### Exercise
The answer is to be the data that follows, transcribed exactly, minus its pictures.

### Entries supplied
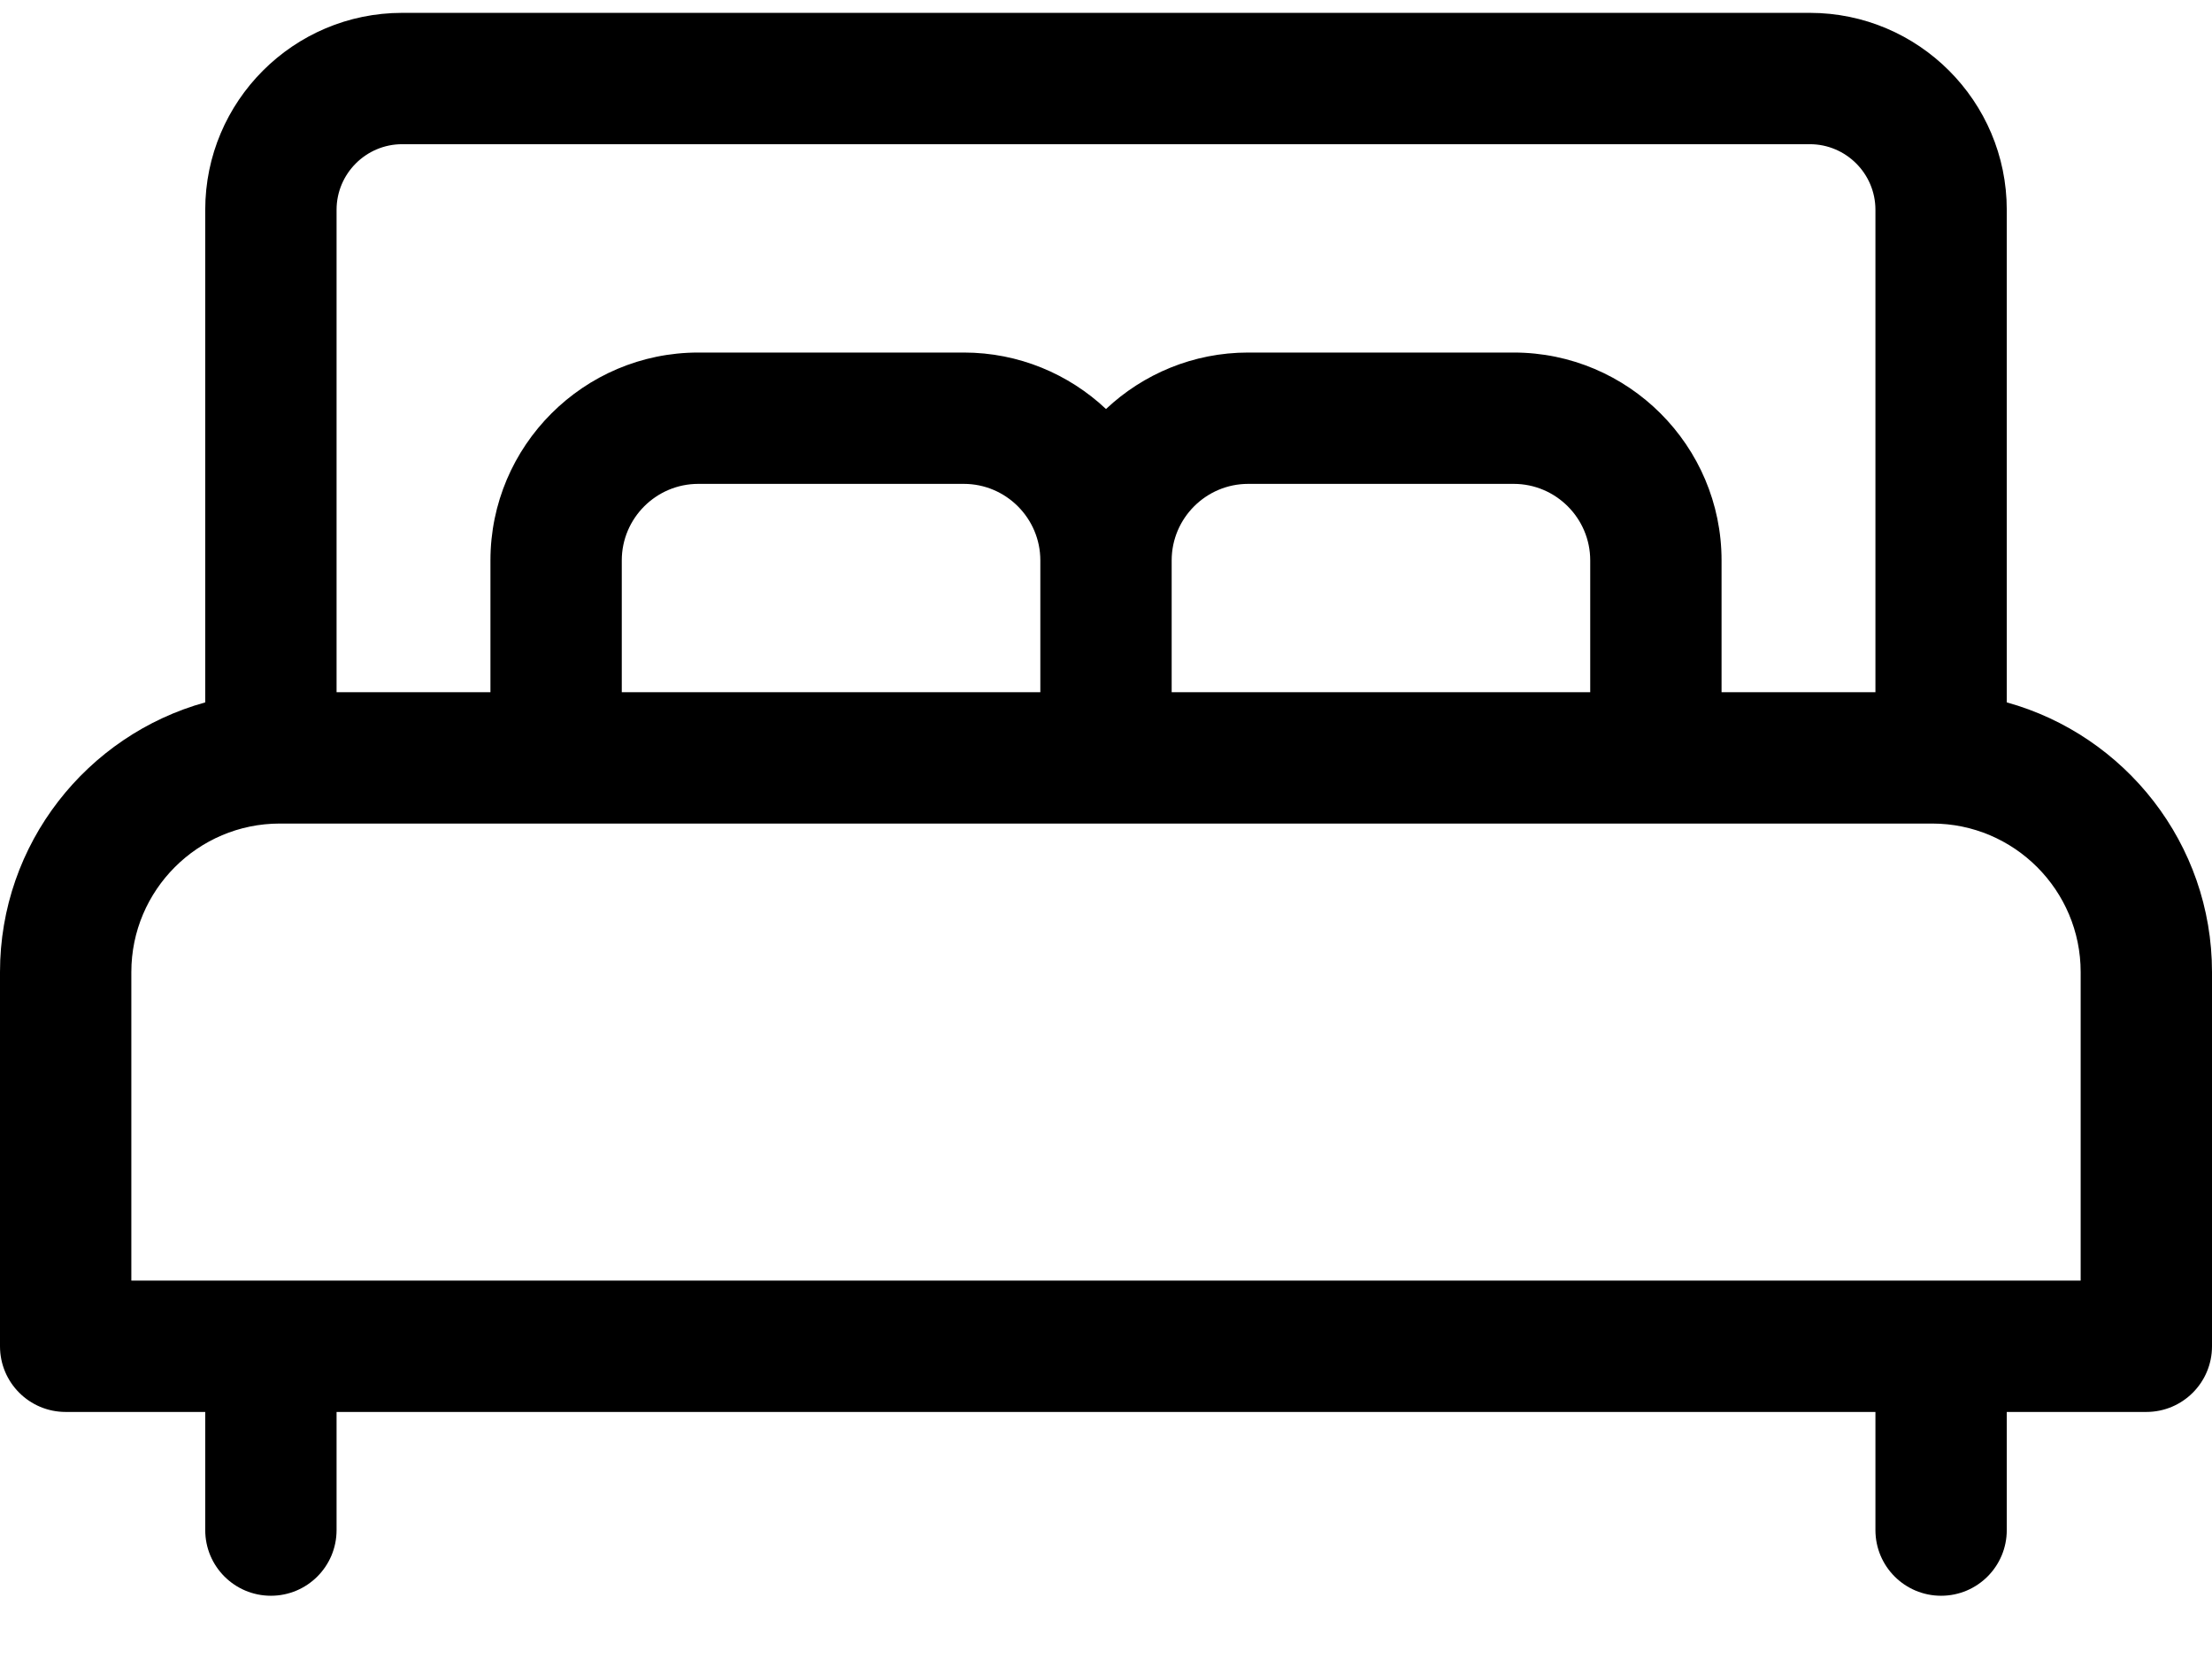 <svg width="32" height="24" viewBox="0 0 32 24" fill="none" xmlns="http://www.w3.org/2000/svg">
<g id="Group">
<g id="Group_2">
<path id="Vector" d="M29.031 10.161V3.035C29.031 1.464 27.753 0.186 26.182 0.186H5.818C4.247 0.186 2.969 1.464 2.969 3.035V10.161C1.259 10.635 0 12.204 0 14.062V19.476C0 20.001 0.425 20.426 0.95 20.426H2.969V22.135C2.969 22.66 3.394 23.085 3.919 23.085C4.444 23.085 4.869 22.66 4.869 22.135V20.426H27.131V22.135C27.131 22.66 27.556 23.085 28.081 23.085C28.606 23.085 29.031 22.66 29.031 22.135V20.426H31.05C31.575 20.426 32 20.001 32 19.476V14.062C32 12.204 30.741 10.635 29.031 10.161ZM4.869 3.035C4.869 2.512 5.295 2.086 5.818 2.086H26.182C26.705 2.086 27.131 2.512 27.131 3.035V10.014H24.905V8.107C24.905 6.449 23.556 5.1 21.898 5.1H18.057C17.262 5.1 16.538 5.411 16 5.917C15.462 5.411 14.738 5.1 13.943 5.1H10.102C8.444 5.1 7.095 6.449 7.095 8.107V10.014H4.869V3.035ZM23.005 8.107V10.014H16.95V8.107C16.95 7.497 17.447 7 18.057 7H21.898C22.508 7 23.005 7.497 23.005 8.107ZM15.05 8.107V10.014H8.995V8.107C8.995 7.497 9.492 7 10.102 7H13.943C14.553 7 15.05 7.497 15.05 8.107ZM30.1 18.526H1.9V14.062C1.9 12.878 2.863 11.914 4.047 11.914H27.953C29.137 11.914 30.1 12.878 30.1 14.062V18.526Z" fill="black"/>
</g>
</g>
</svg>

### Answer section
 <svg width="32" height="24" viewBox="0 0 32 24" fill="none" xmlns="http://www.w3.org/2000/svg">
<g id="Group">
<g id="Group_2">
<path id="Vector" d="M29.031 10.161V3.035C29.031 1.464 27.753 0.186 26.182 0.186H5.818C4.247 0.186 2.969 1.464 2.969 3.035V10.161C1.259 10.635 0 12.204 0 14.062V19.476C0 20.001 0.425 20.426 0.95 20.426H2.969V22.135C2.969 22.66 3.394 23.085 3.919 23.085C4.444 23.085 4.869 22.66 4.869 22.135V20.426H27.131V22.135C27.131 22.66 27.556 23.085 28.081 23.085C28.606 23.085 29.031 22.66 29.031 22.135V20.426H31.05C31.575 20.426 32 20.001 32 19.476V14.062C32 12.204 30.741 10.635 29.031 10.161ZM4.869 3.035C4.869 2.512 5.295 2.086 5.818 2.086H26.182C26.705 2.086 27.131 2.512 27.131 3.035V10.014H24.905V8.107C24.905 6.449 23.556 5.1 21.898 5.1H18.057C17.262 5.1 16.538 5.411 16 5.917C15.462 5.411 14.738 5.1 13.943 5.1H10.102C8.444 5.1 7.095 6.449 7.095 8.107V10.014H4.869V3.035ZM23.005 8.107V10.014H16.95V8.107C16.95 7.497 17.447 7 18.057 7H21.898C22.508 7 23.005 7.497 23.005 8.107ZM15.05 8.107V10.014H8.995V8.107C8.995 7.497 9.492 7 10.102 7H13.943C14.553 7 15.05 7.497 15.05 8.107ZM30.1 18.526H1.9V14.062C1.9 12.878 2.863 11.914 4.047 11.914H27.953C29.137 11.914 30.1 12.878 30.1 14.062V18.526Z" fill="black"/>
</g>
</g>
</svg>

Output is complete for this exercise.